| Your objective |
Return only the lines of the data below from the line with "(00:00:57.400)" up to and including the line with "(00:01:00.800)", exactly as written, with the pictures omitted.

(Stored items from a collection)
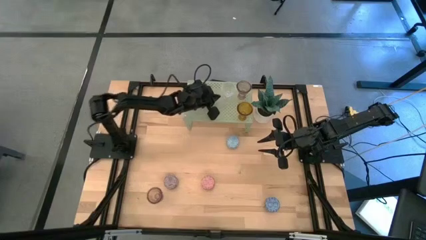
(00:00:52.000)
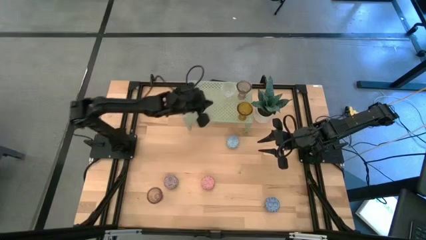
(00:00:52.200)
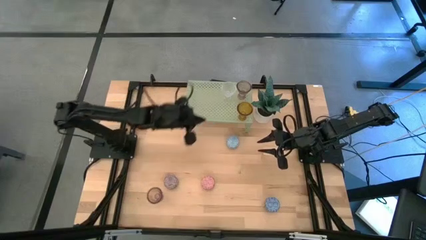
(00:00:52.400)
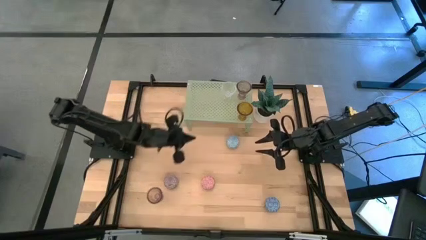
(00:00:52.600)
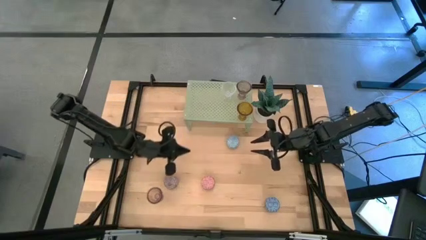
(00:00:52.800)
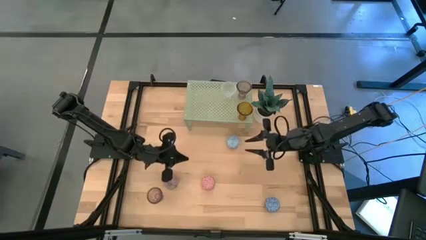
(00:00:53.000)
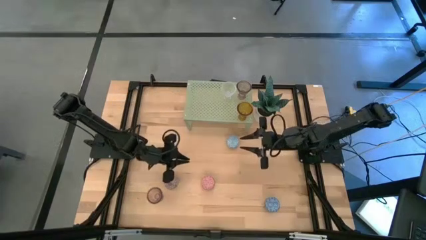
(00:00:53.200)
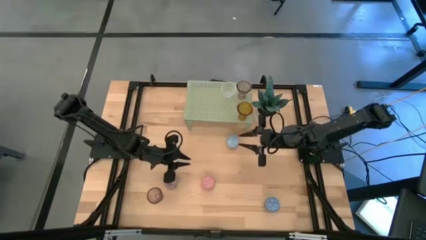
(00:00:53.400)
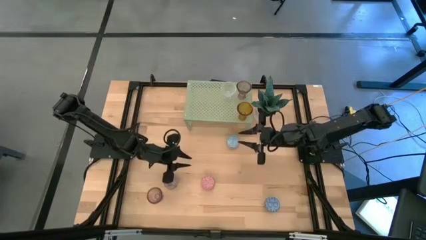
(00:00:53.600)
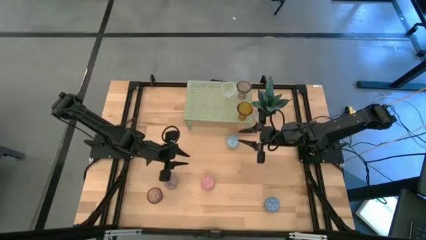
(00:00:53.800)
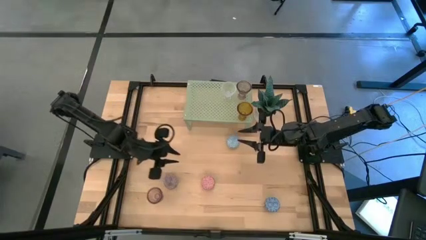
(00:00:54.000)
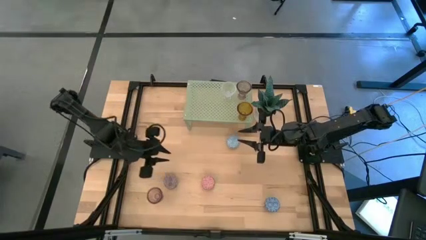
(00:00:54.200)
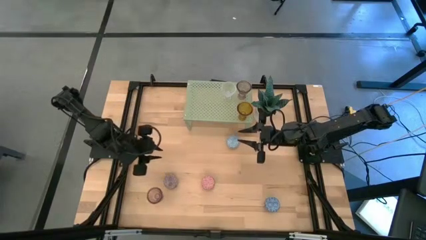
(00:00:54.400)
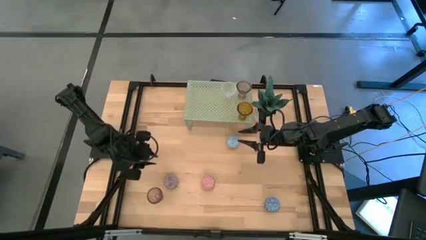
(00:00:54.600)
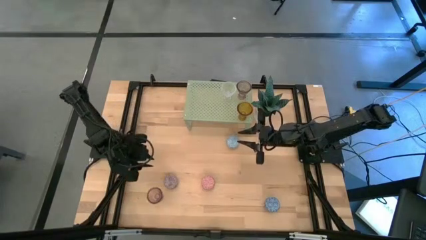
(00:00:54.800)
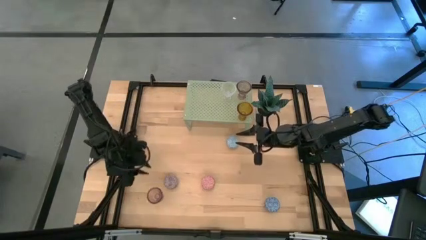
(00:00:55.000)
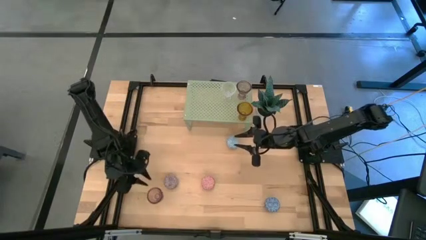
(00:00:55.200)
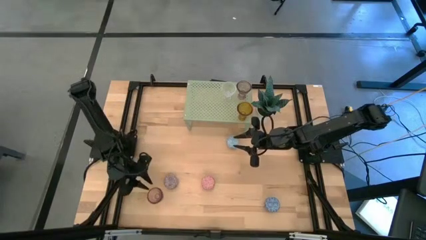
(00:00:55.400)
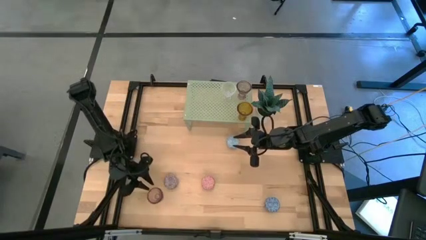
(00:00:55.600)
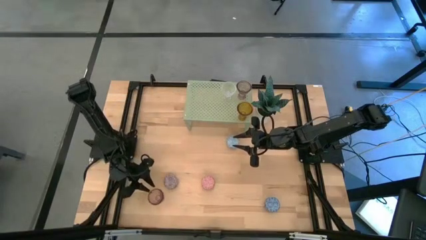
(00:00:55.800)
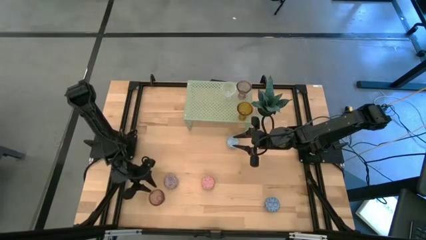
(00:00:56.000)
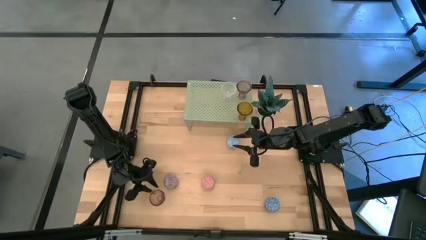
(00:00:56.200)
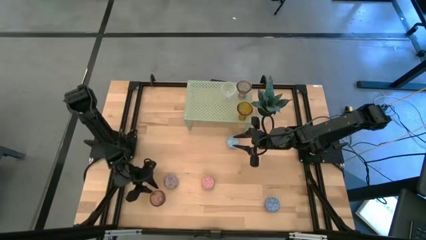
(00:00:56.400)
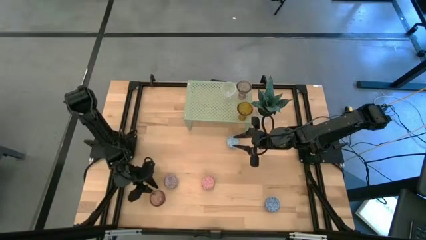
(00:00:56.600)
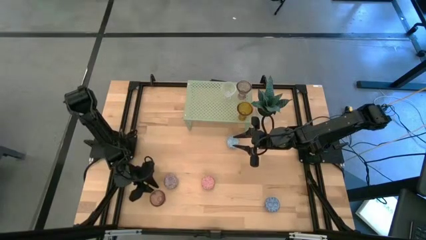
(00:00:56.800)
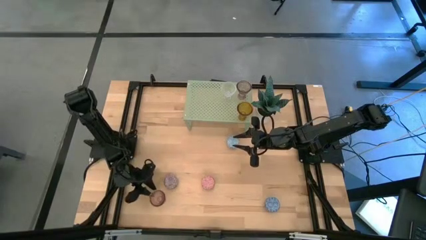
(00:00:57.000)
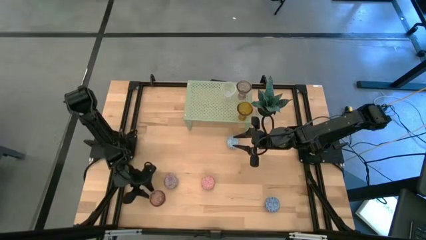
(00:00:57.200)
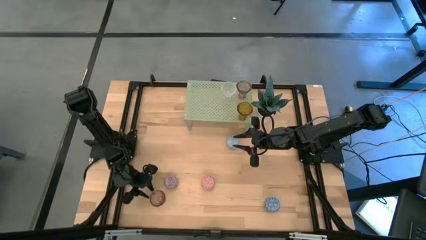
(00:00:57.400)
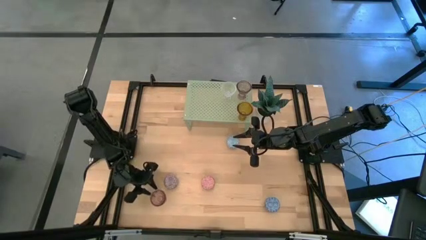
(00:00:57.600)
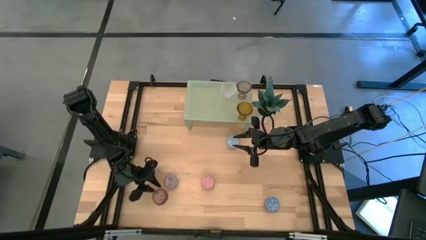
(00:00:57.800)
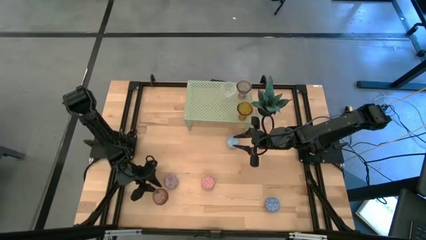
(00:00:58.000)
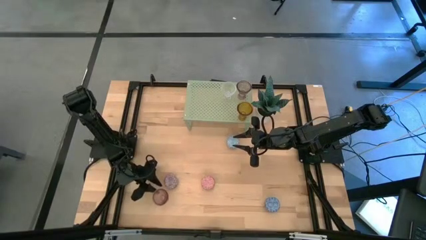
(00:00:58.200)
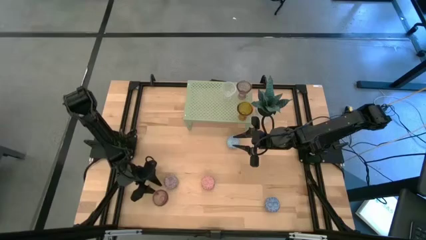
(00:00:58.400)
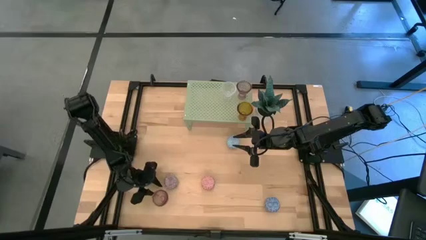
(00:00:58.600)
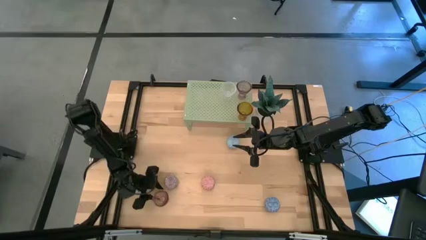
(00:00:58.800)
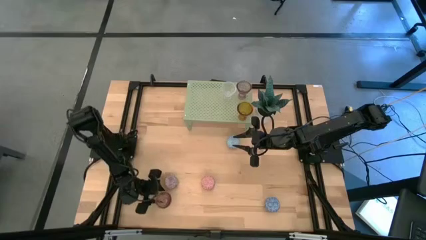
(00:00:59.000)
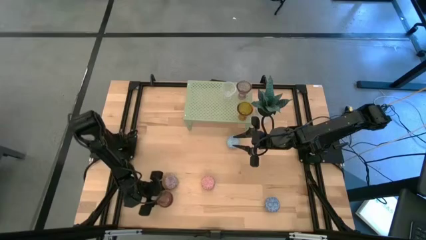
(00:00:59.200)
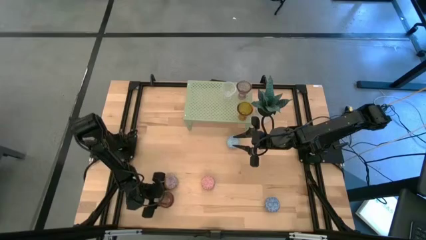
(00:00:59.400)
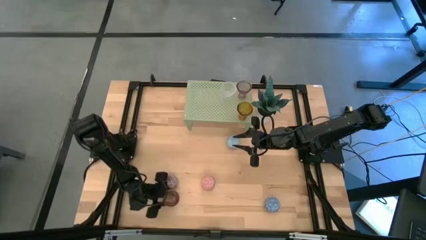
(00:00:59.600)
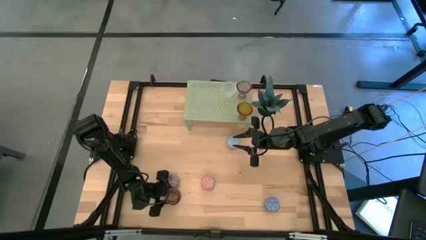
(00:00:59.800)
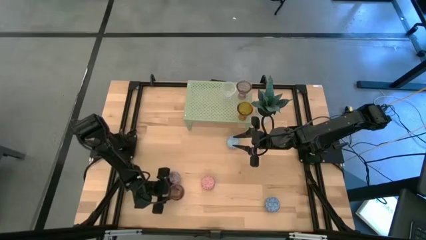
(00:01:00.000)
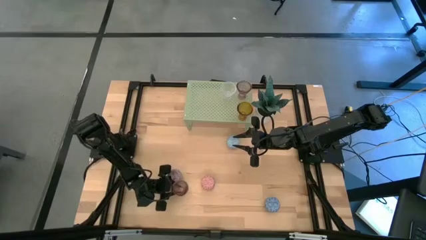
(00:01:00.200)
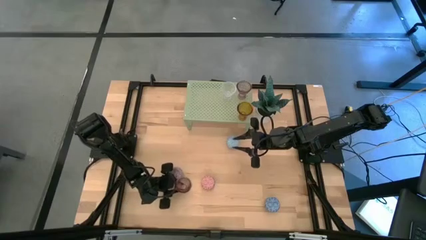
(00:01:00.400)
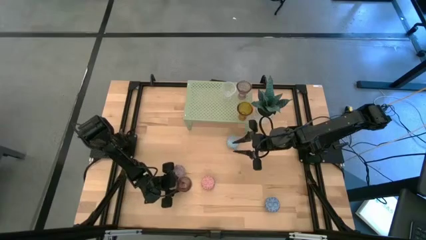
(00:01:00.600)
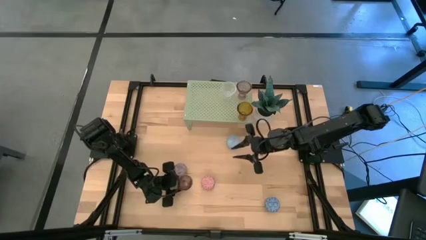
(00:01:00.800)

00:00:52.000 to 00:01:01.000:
Task: Pick & Place candle stick holders
Align the purple glass candle holder with the transparent glass candle holder on the shelf

| Solution to the problem |
(00:00:57.400)
(00:00:57.600)
(00:00:57.800)
(00:00:58.000)
(00:00:58.200)
(00:00:58.400)
(00:00:58.600)
(00:00:58.800)
(00:00:59.000)
(00:00:59.200)
(00:00:59.400)
(00:00:59.600)
(00:00:59.800)
(00:01:00.000)
(00:01:00.200)
(00:01:00.400)
(00:01:00.600)
(00:01:00.800)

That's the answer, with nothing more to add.